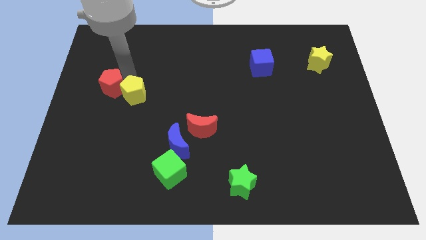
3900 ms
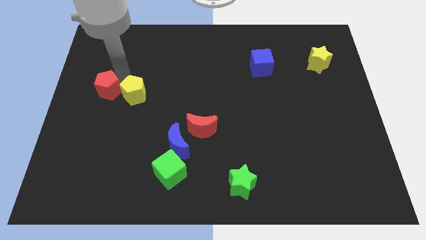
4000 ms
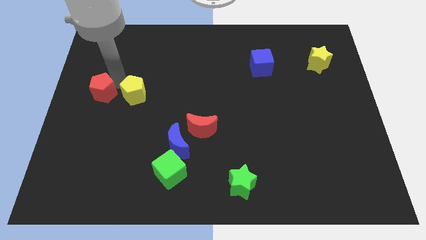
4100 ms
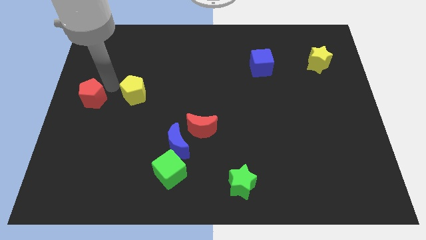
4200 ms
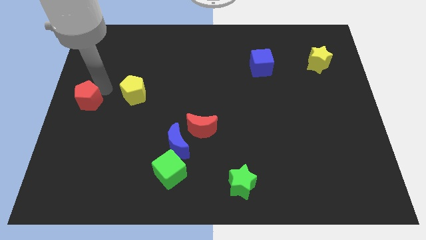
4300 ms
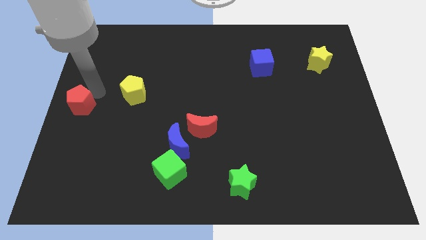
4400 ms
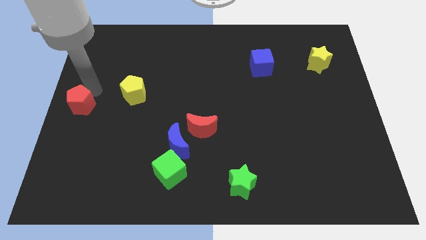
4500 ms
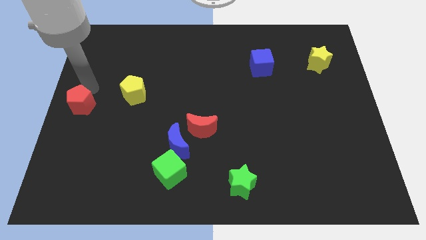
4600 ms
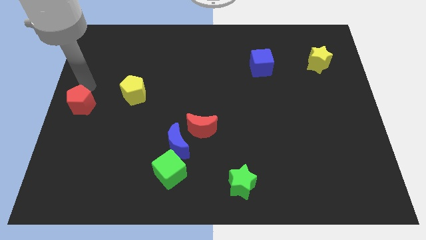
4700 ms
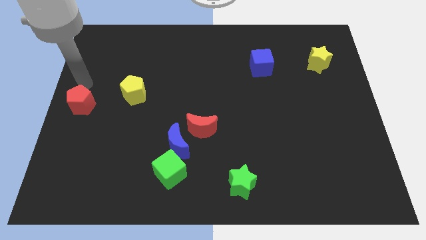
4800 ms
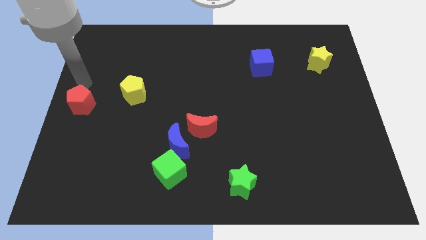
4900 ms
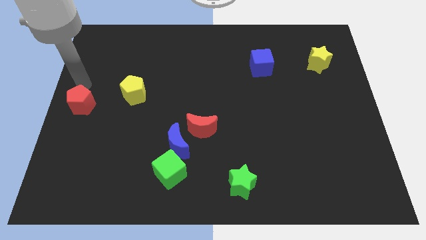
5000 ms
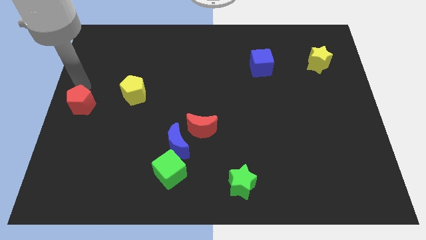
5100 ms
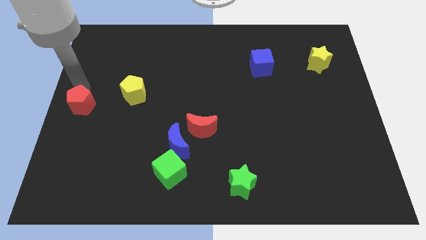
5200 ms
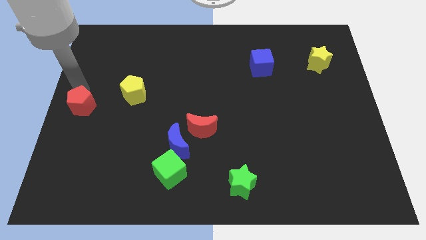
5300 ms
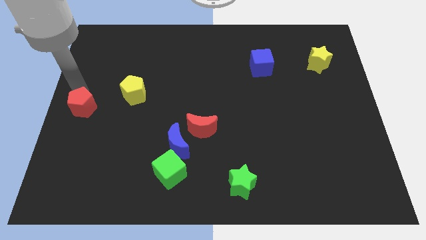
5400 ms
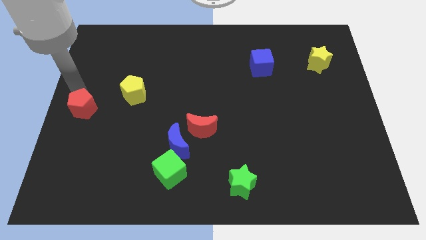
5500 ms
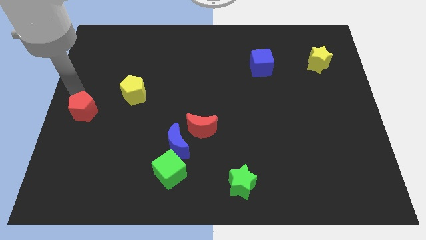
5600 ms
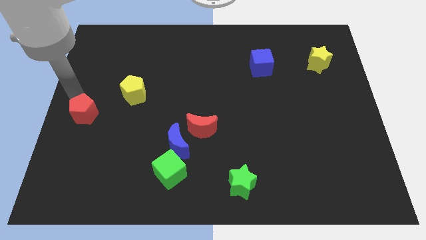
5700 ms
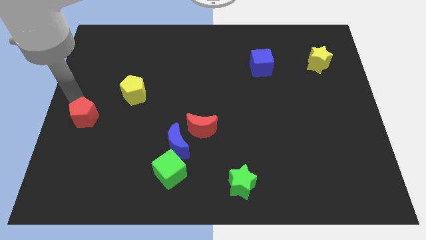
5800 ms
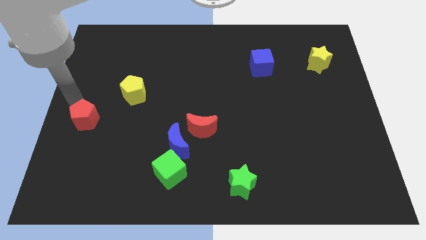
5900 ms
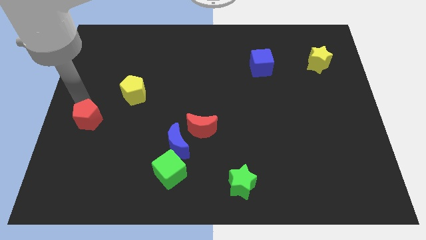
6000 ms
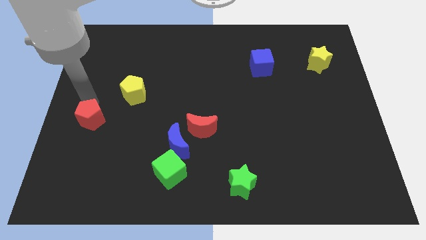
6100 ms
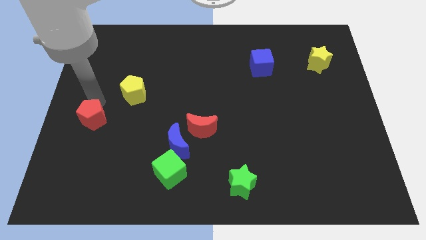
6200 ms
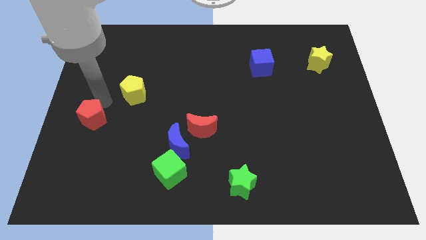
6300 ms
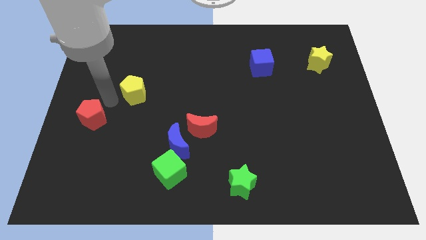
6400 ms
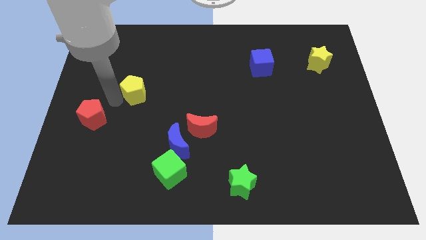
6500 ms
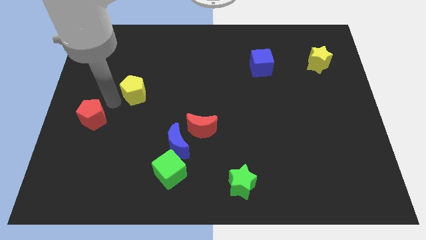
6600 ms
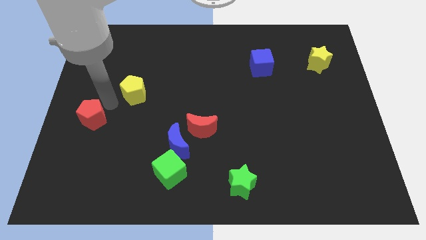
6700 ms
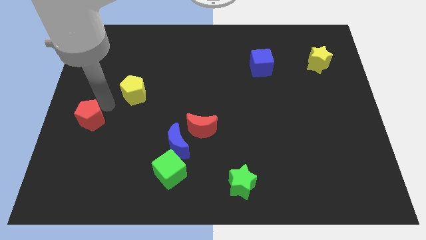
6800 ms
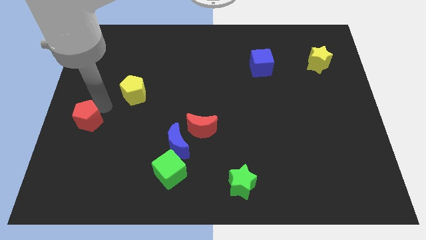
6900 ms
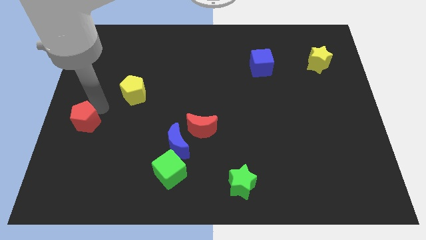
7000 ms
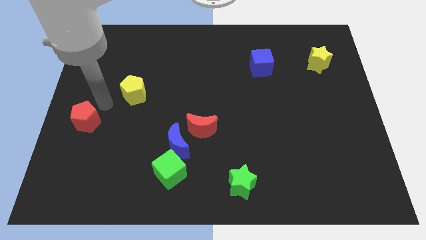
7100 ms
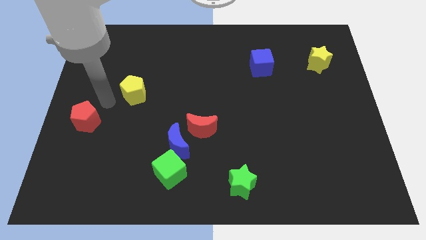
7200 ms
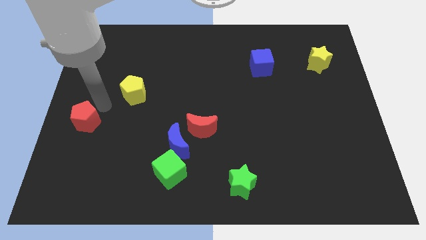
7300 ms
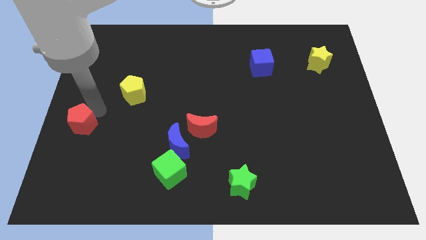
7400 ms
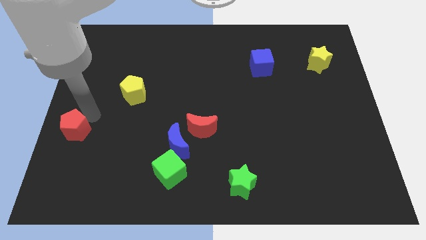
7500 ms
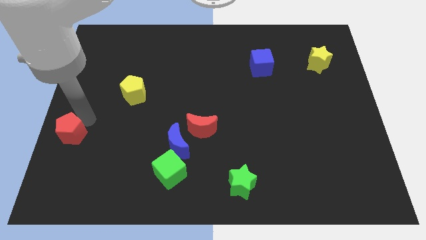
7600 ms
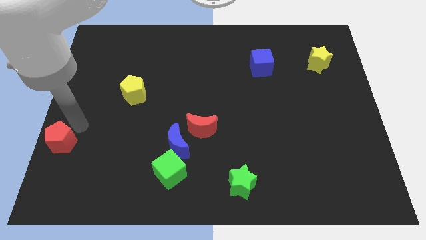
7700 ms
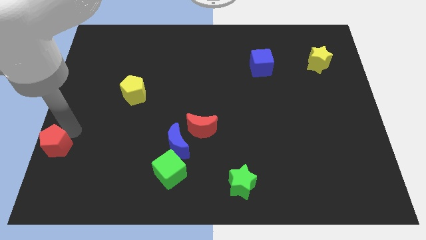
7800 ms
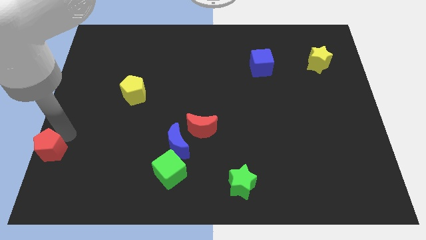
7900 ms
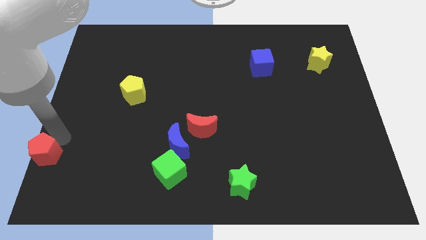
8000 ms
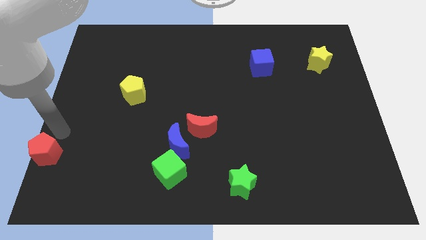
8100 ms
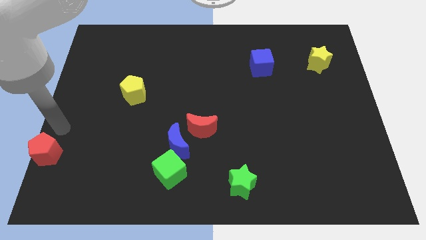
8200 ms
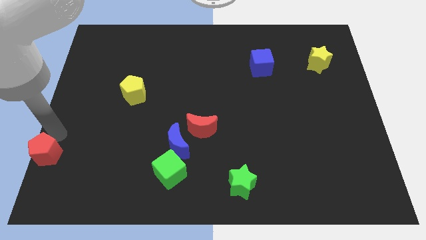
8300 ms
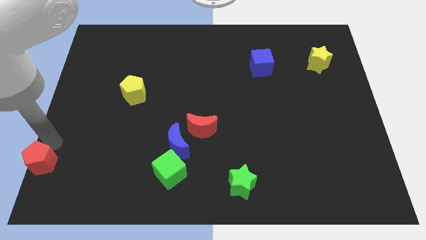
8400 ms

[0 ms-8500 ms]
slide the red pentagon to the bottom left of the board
-*-*-
▶ _THE PROBLEM_
Hand back the records above exactly, leaving out every picture.

▶ _TASK SOLUTION_
3900 ms
4000 ms
4100 ms
4200 ms
4300 ms
4400 ms
4500 ms
4600 ms
4700 ms
4800 ms
4900 ms
5000 ms
5100 ms
5200 ms
5300 ms
5400 ms
5500 ms
5600 ms
5700 ms
5800 ms
5900 ms
6000 ms
6100 ms
6200 ms
6300 ms
6400 ms
6500 ms
6600 ms
6700 ms
6800 ms
6900 ms
7000 ms
7100 ms
7200 ms
7300 ms
7400 ms
7500 ms
7600 ms
7700 ms
7800 ms
7900 ms
8000 ms
8100 ms
8200 ms
8300 ms
8400 ms

[0 ms-8500 ms]
slide the red pentagon to the bottom left of the board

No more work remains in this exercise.